Except now there's an explanation if fuzzing starts to fail - honggfuzz uses -fsanitize which is incompatible with xz's use of ifunc, so any package that depends on it should rebuild xz from source with --disable-ifunc instead of using the binary package.
This is interesting, but do you think this would have aroused enough suspicion to find the backdoor (after every Ubuntu user was owned by it)? I don't see why this is the case. It wasn't a secret that ifuncs were being used in XZ.
And if that's the case, it was sloppy of "Jia" to disable it in OSS-Fuzz and not do this:
to the XZ source code to fix the false positive and turn off the compilation warning, no attention would have been drawn to this at all since no one would have to change their build script.
With or without this PR, it's very unlikely OSS-Fuzz would have found the bug. OSS-Fuzz also happens to be on Ubuntu 20. I'm not very familiar with Ubuntu release cycles, but I think it would have been a very long time before backdoored packages made their way into Ubuntu 20.
I mean, yes.

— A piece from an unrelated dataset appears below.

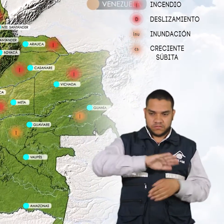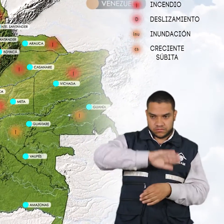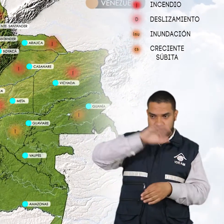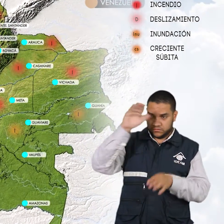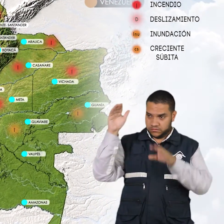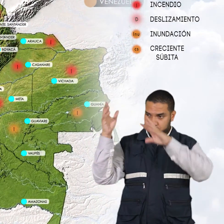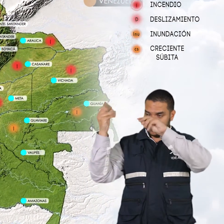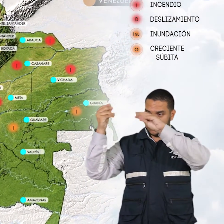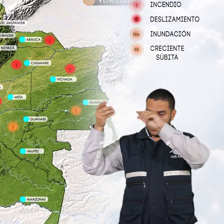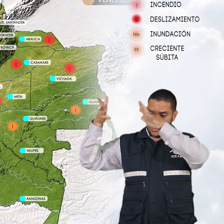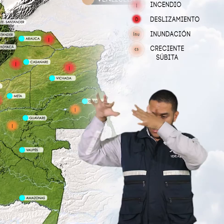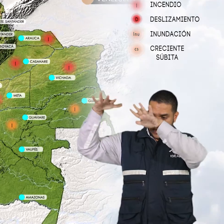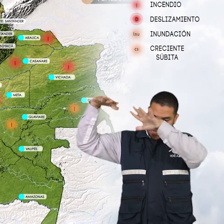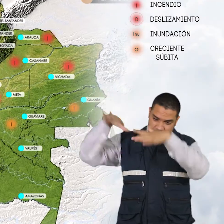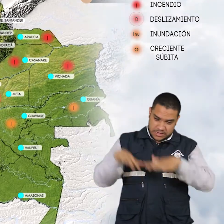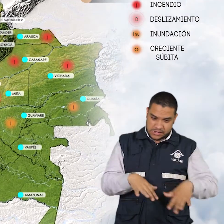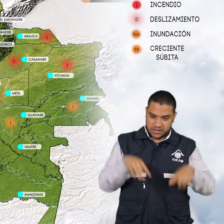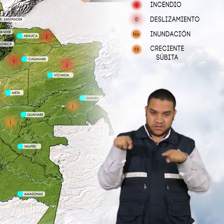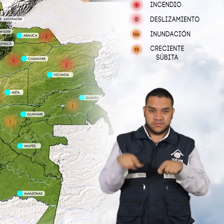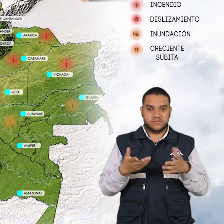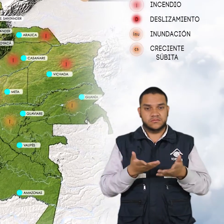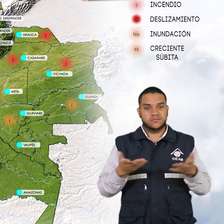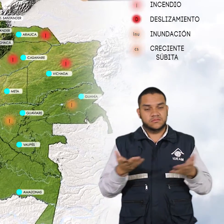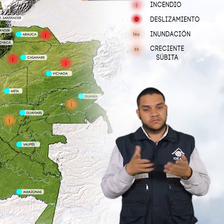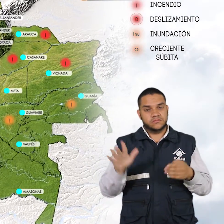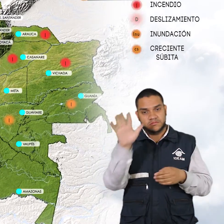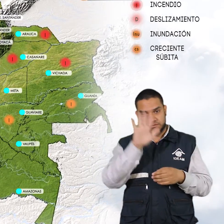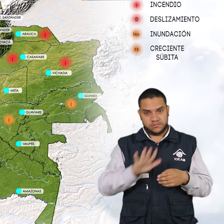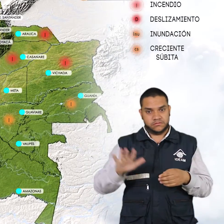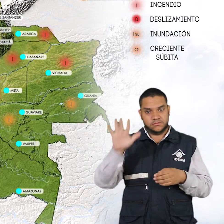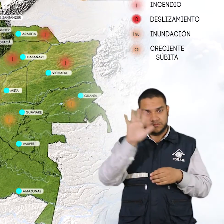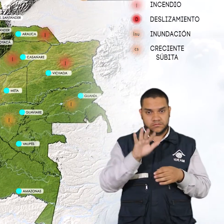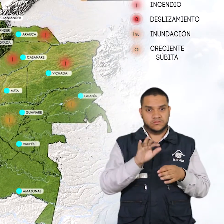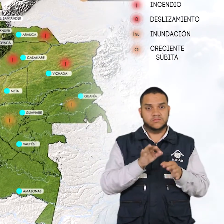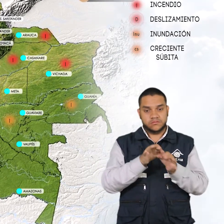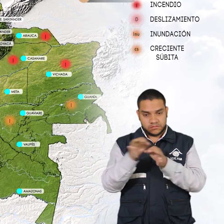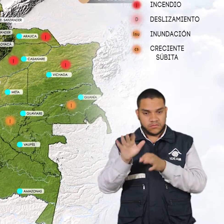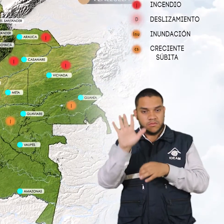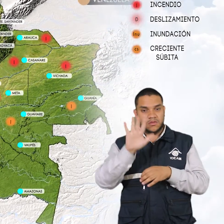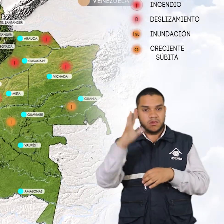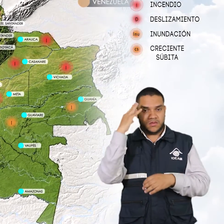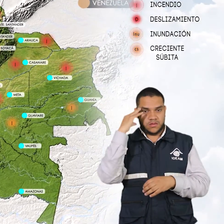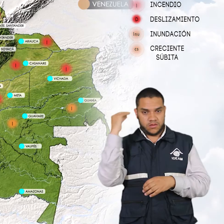de tierra en algunos sectores inestables o de alta pendiente de los departamentos de Quindío, Caquetá,

I’ve read all the commentary I can get my hands on about this incident because it is fascinating and this is the first instance of some parallel construction theory of finding it I’ve seen.

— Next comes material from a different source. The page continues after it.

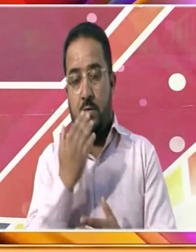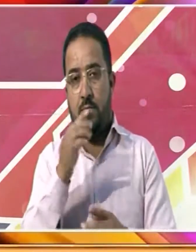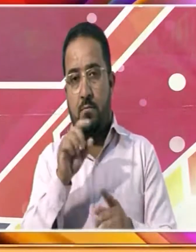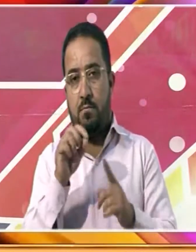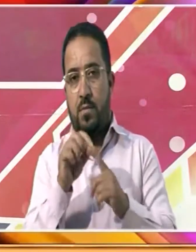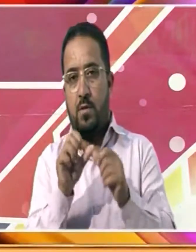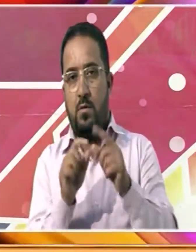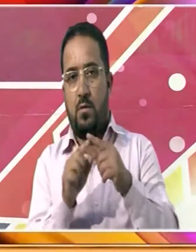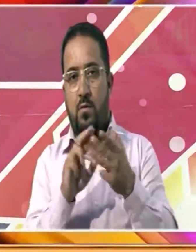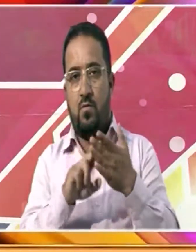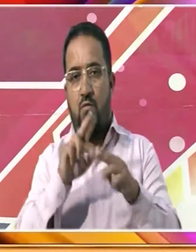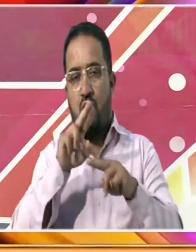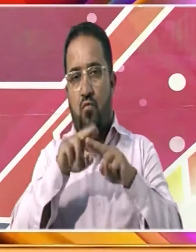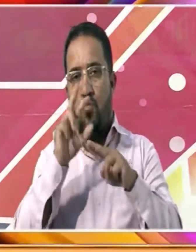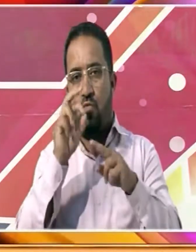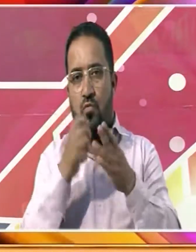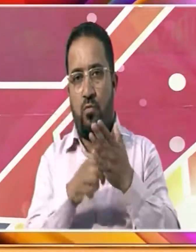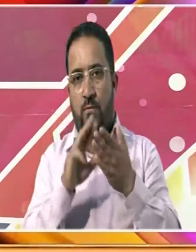فارم ہے

Second, maybe a routine dependency review is how they _actually_ found it but they don’t want future people like this focusing too much on that otherwise they may try to mitigate, whereas now they may focus on something inane like a 0.5 second increase in sshd’s load time or whatever.
Sorry for that ugly comparison, but that explanation reminds me of the theories when covid started, that it was created by secret organization that is actually ruling the world.
People love when there's some explanation that doesn't involve randomness, because with randomness looks like we don't have grasp on things.
Google actually had tooling that was detecting it, but he disabled check that would show it.
Google/Microsoft/NSA could just say they detected it with internal tooling and not disclose how exactly. Google and Microsoft would love to have credit.
While we are speculating, there was this case of university students trying to introduce malicious commits in the kernel in order to test open source to such attack vectors. Perhaps this was similar "research" by some students.
It's really interesting to think what might've happened if they could've implemented this with much less performance overhead. How long might it have lasted for? Years?